Breakthrough in refractory indolent non-Hodgkin’s lymphoma

 

 

CLEMENTINE:

Hello! You’re on MD-FM INSIGHT, the first medical web radio. Today we’ll be devoting our "Question & Answer" program to the treatment of patients with refractory indolent non-Hodgkin’s lymphoma.

 

Slow-growing, or indolent, non-Hodgkin lymphomas are difficult to treat, with most patients relapsing repeatedly and the disease becoming increasingly resistant to therapy over time. However, it has been more than ten years since a treatment with a new mechanism of action has been approved for this condition.

 

At the 2013 annual meeting of the American Society of Hematology, which took place last December in New Orleans, we interviewed Pr. Ajay Gopal, from the University of Washington School of Medicine in Seattle, who presented the results of a phase 2 study evaluating the investigational agent idelalisib in patients with indolent B-Cell non-Hodgkin’s lymphoma that’s refractory to standard treatment with both rituximab and chemotherapy containing alkylating agents.

 

 

CLEMENTINE:

Hello Dr. Gopal, first of all, give us an overview on indolent non-Hodgkin’s lymphoma:

 

GOPAL:

“So an indolent B-cell lymphoma is an incurable disease and, though we have many improved therapies now, inevitably these therapies eventually stop working and patients die of their disease. So there’s a desperate need for better therapies, safe therapies, in patients that have disease that has become refractory to standard alkylating chemotherapy and also refractory to rituximab.”

 

CLEMENTINE:

What is this new agent idelalisib, why is theoretically interesting for indolent non-Hodgkin’s lymphoma?

 

GOPAL:

“The specific target is the delta isoform of the P-I-3 kinase enzyme, which mediates several key biochemical pathways within the malignant B-cell, including mediates B-cell receptor signaling. So there’s preclinical data suggesting that, by targeting and inhibiting this specific enzyme you can induce cell death in malignant B-cells.”

 

CLEMENTINE:

Can you tell us just a few words on the design of your study?

 

GOPAL:

“It was a phase II study, a single arm study of 125 patients who had to meet the definition of double refractory indolent B-cell lymphoma, so they had to have disease that was refractory to both rituximab and refractory to alkylating agents, such as bendamustine or cyclophosphamide or chlorambucil.

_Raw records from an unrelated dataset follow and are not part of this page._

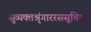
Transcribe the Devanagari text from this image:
सुव्यक्तश्रृंगाररससूचिका
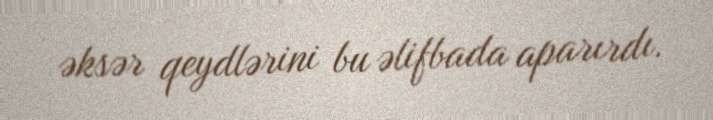
əksər qeydlərini bu əlifbada aparırdı.
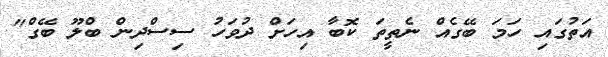
އަތުގައި ހަމަ ބޭގެއް ނެތީތަ ކޮބާ އިހަށް ދުވަހު ސިސްދިން ބްލޫ ބޭގް"
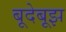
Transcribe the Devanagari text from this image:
बूदेबूझ
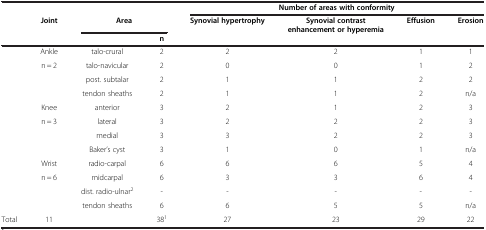
|  |  | <COLSPAN=2>  | <COLSPAN=4> Number of areas with conformity |
 |  | Joint | <COLSPAN=2> Area | Synovial hypertrophy | Synovial contrast enhancement or hyperemia | Effusion | Erosion |
 |  |  |  | n |  |  |  |  |
 | --- | --- | --- | --- | --- | --- | --- | --- |
 |  | Ankle | talo-crural | 2 | 2 | 2 | 1 | 1 |
 |  | n = 2 | talo-navicular | 2 | 0 | 0 | 1 | 2 |
 |  |  | post. subtalar | 2 | 1 | 1 | 2 | 2 |
 |  |  | tendon sheaths | 2 | 1 | 1 | 2 | n/a |
 |  | Knee | anterior | 3 | 2 | 1 | 2 | 3 |
 |  | n = 3 | lateral | 3 | 2 | 2 | 2 | 3 |
 |  |  | medial | 3 | 3 | 2 | 2 | 3 |
 |  |  | Baker’s cyst | 3 | 1 | 0 | 1 | n/a |
 |  | Wrist | radio-carpal | 6 | 6 | 6 | 5 | 4 |
 |  | n = 6 | midcarpal | 6 | 3 | 3 | 6 | 4 |
 |  |  | dist. radio-ulnar2 | - | - | - | - | - |
 |  |  | tendon sheaths | 6 | 6 | 5 | 5 | n/a |
 | Total | 11 |  | 381 | 27 | 23 | 29 | 22 |
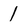
Character: 1
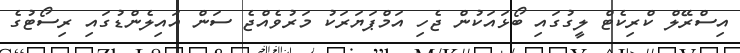
އިސްރޭލް ކްރިކެޓް ލީގުގައި ބޯޅައަކުން ޖެހި އަމްޕަޔަރަކު މަރުވެއްޖެ ސަން އައިލެންޑުގައި ރިސޯޓުގެ
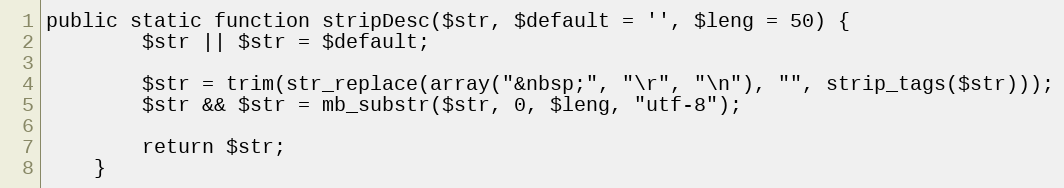
Language: PHP
public static function stripDesc($str, $default = '', $leng = 50) {
		$str || $str = $default;

		$str = trim(str_replace(array("&nbsp;", "\r", "\n"), "", strip_tags($str)));
		$str && $str = mb_substr($str, 0, $leng, "utf-8");

		return $str;
	}
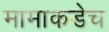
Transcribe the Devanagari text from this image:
मामाकडेच
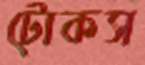
টোকস
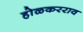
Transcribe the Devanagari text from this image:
होळकरराव
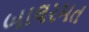
બાલરમત
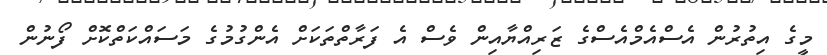
މީގެ އިތުރުން އެސްއެމްއެސްގެ ޒަރިއްޔާއިން ވެސް އެ ފަރާތްތަކަށް އެންގުމުގެ މަސައްކަތްކޮށް ފޯނުން
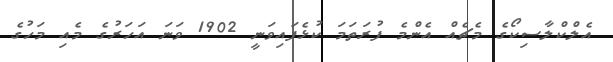
އެލްކްލާސިކޯގެ މެޗެއް އެންމެ ފުރަތަމަ ކުޅެފައިވަނީ 1902 ވަނަ އަހަރުގެެ މެއި މަހުގެ
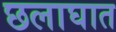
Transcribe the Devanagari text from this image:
छलाघात
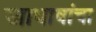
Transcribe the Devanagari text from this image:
जाधावांचा
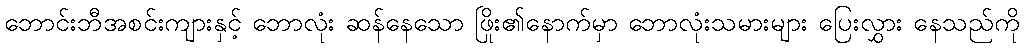
ဘောင်းဘီအစင်းကျားနှင့် ဘောလုံး ဆန်နေသော ဖြိုး၏နောက်မှာ ဘောလုံးသမားများ ပြေးလွှား နေသည်ကို
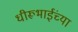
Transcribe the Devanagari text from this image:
धीरूभाईंच्या
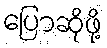
ပြောဆိုဖို့
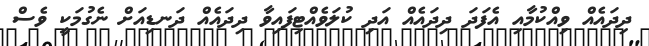
ދިދައެއް ވިއްކުމާއި އެފަދަ ދިދައެއް އަދި ކުލަވެއްޓިފައިވާ ދިދައެއް ދަނޑިއަށް ނެގުމަކީ ވެސް
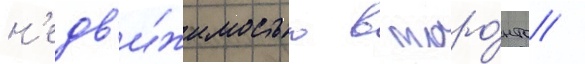
н'едв'и́жимостью в торо́нто /

So this was the inclusion criteria.”

 

CLEMENTINE:

Ok so how effective was idelalisib in these patients?

 

GOPAL:

“So the main results, first, just noting that this was an oral agent, it’s a pill, patients take 150 mg twice a day and they take it continuously, until they have disease progression, or unacceptable side effects. So the main result in this population was the overall response rate of 57 percent in this group of patients with a double refractory disease.”

 

CLEMENTINE:

So it’s a very good result isn’t it?

 

GOPAL:

“Right we’re very encouraged, there’s very little data in this population because most drugs don’t work. So we were certainly very encouraged and 90 percent of patients had reduction in their lymph node size.”

 

CLEMENTINE:

What about the safety data, what did they show?

 

GOPAL:

“The safety: this was actually very well tolerated, relative to other therapies, there was some transaminase elevation early on but, in the vast majority of patients, we just noted the lab abnormality and they continued taking the drug and it resolved on its own. There is some late diarrhea in a minority of patients, after being on the drug for 6 to 12 months, which also can be treated either by pausing the drug or treating with anti-inflammatories.”

 

CLEMENTINE:

So what is your take home message?

 

GOPAL:

“I think the whole community is very excited with this because we all have numbers of patients in our clinic really with very few options and so, with such a low toxicity oral therapy, we’re hopeful that this will provide meaningful benefit to them.”

 

 

Clementine:

This show is over. By visiting the MD-FM website, you can check out the themes of the programs we will be offering you regularly.

See you soon on MD-FM.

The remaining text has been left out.